I am a long time Swift user and I can tell you, life would be much simpler in Swift with semicolons. The language has all sorts of ugly assumptions about where expressions and statements end, and it's just extremely irritating.

2 Likes

But ; is now a valid item, so you’d get the following instead?

  1. $x:item matches struct F {} since it is a valid item
  2. $x:item matches ; since it is a valid item
  3. ; is expected as a non-terminal separator, but it has already been matched in 2. The matcher fails.

That would require it to attempt to parse two items right after the other, but $(<stuff>)<delim>* must match <delim> before it attempts to match <stuff> again.

1 Like

Oh I see; that makes sense. Thanks.

Right now, we have a very consistent rule: you need semicolons after any construct that doesn't take braces, and you need to omit the semicolon after any construct that takes braces. For instance, if {}, for {}, loop {}, if {} else {}, struct {}, enum {}, union {}, and extern {} all don't take semicolons. And for a variety of reasons we can't change most of those. Making some subset of them ignore unnecessary semicolons seems like a trap for users; better to document the pattern consistently.

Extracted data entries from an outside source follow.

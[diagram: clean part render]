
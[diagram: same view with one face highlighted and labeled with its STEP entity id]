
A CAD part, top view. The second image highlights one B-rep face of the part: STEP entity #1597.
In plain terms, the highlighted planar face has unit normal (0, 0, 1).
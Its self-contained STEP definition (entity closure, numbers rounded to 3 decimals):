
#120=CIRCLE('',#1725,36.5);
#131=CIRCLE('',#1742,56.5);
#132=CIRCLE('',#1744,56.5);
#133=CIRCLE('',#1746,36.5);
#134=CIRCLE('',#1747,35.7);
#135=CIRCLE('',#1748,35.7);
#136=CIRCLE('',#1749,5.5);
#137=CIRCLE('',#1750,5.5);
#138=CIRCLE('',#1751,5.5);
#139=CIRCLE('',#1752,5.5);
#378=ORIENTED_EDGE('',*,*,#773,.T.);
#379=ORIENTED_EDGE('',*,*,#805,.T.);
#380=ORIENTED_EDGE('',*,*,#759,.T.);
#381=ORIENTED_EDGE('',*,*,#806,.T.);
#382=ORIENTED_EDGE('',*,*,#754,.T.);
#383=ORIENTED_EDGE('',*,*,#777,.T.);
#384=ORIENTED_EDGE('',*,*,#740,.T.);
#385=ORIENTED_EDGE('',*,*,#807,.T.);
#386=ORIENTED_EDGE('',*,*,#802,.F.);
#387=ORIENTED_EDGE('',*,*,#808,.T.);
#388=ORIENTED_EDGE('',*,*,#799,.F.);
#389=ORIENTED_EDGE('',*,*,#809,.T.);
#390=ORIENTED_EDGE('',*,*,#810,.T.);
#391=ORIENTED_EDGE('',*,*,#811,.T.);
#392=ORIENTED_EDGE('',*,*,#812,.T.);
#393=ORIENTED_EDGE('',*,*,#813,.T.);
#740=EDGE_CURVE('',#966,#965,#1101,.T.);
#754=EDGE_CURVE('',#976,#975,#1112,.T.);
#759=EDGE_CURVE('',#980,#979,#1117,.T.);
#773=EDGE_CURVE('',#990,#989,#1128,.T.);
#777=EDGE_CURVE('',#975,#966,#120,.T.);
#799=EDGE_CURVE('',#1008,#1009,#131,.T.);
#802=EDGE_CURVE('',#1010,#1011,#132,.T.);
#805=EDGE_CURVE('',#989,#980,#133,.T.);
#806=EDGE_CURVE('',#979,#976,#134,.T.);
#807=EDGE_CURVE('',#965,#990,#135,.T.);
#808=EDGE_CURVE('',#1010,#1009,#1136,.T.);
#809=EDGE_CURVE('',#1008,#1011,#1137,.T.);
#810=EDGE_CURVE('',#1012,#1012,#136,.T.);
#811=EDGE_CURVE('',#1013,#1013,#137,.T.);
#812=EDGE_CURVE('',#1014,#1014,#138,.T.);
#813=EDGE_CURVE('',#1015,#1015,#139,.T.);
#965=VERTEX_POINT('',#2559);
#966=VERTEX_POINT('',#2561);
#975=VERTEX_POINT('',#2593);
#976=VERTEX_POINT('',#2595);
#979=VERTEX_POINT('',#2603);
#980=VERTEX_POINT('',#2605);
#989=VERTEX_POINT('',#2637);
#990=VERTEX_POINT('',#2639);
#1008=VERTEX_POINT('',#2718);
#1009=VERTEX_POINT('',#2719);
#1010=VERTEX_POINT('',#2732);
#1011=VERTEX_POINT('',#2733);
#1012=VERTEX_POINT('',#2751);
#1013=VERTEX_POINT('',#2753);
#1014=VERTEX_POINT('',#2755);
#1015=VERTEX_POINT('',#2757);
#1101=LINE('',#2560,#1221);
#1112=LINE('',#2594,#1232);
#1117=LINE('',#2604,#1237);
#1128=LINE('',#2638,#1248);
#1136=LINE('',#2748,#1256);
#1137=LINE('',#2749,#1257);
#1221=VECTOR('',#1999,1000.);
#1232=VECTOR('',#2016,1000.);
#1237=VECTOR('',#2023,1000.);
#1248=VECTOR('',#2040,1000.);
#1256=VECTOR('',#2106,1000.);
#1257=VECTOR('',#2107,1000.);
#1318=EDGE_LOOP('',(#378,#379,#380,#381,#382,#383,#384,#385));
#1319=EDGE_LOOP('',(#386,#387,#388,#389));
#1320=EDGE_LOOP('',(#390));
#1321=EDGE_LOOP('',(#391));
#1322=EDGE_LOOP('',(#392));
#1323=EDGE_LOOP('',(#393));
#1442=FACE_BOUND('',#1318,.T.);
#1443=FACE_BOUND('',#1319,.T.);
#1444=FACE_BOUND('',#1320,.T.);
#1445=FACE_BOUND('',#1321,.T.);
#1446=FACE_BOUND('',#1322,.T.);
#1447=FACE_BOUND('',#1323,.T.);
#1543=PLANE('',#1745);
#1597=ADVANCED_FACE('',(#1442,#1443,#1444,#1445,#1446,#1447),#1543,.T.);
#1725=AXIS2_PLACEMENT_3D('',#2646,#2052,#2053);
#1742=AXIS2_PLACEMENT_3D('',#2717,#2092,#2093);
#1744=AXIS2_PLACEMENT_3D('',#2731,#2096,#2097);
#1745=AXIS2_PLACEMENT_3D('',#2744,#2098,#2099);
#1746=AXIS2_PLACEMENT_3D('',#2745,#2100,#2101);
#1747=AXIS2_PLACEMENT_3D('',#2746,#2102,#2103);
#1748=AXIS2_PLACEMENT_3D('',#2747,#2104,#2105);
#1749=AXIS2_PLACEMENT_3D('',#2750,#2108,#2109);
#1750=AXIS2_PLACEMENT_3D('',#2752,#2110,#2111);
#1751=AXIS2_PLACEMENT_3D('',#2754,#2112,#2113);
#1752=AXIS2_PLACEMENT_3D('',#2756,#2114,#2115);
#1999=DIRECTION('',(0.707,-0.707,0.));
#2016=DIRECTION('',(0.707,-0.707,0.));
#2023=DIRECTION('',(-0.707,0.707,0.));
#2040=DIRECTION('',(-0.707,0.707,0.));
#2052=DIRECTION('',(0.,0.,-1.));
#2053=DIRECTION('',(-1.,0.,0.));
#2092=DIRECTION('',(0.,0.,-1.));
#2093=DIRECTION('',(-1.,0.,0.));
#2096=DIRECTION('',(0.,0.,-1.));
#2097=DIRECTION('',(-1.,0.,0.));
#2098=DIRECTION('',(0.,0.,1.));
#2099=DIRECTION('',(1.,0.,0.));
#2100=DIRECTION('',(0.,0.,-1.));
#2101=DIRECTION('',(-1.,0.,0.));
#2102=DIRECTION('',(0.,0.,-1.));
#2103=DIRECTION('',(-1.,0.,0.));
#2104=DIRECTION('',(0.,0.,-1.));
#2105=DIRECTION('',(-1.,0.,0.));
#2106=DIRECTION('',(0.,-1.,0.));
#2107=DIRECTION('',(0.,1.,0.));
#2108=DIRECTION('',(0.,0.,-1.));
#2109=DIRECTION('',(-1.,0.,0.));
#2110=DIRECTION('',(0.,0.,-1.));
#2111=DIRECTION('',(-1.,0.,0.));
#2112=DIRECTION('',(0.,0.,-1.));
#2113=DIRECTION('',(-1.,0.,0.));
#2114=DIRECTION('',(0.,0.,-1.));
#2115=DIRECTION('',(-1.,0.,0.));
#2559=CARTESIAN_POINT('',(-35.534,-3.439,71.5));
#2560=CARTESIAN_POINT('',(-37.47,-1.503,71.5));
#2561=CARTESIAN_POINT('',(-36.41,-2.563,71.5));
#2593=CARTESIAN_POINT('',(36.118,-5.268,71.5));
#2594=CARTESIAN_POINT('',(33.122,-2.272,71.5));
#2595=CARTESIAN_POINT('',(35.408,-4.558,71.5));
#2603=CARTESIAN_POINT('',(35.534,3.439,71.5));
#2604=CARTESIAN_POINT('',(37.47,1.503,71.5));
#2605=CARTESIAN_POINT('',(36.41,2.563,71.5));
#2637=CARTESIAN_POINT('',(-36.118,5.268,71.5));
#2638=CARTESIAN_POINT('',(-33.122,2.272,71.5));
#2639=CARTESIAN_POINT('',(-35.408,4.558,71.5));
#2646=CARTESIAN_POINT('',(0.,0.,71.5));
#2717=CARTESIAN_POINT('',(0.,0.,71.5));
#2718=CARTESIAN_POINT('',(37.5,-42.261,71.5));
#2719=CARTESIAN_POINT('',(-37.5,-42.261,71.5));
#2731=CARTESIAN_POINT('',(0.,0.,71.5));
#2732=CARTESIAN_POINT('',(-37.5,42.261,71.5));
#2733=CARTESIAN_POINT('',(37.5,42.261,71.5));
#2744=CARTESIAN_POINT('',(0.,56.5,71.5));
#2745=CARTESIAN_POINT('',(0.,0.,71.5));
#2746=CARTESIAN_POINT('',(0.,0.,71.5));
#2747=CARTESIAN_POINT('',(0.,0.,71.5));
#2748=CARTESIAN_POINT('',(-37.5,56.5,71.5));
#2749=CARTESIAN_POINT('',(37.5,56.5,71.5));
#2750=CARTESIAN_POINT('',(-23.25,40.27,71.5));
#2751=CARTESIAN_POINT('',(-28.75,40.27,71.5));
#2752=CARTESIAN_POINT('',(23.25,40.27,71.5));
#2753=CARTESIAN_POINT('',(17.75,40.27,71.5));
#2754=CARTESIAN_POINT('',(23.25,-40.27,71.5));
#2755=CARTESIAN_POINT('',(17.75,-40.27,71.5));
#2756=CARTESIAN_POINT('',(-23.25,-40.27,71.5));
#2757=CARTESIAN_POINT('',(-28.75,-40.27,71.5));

I do think, however, we could make the error message much clearer. Right now, it just acts like any other parse error. We could recognize this specific case and very specifically say "don't put a ; after a struct" (and similarly for union and enum), to make the message more straightforward to understand and act on.

1 Like

You can have ; after {} in an expression context:

fn main() {
    struct Foo {};
    
    ;;;
    
    if true {} else {};
}

This is permitted since ; is interpreted as the expression ().

Why a subset? If ; is an item, then it is permitted after impl, extern, struct, union, enum, fn, trait consistently.

EDIT: @ExpHP want to join me in #rust-lang on IRC to work on an RFC perhaps?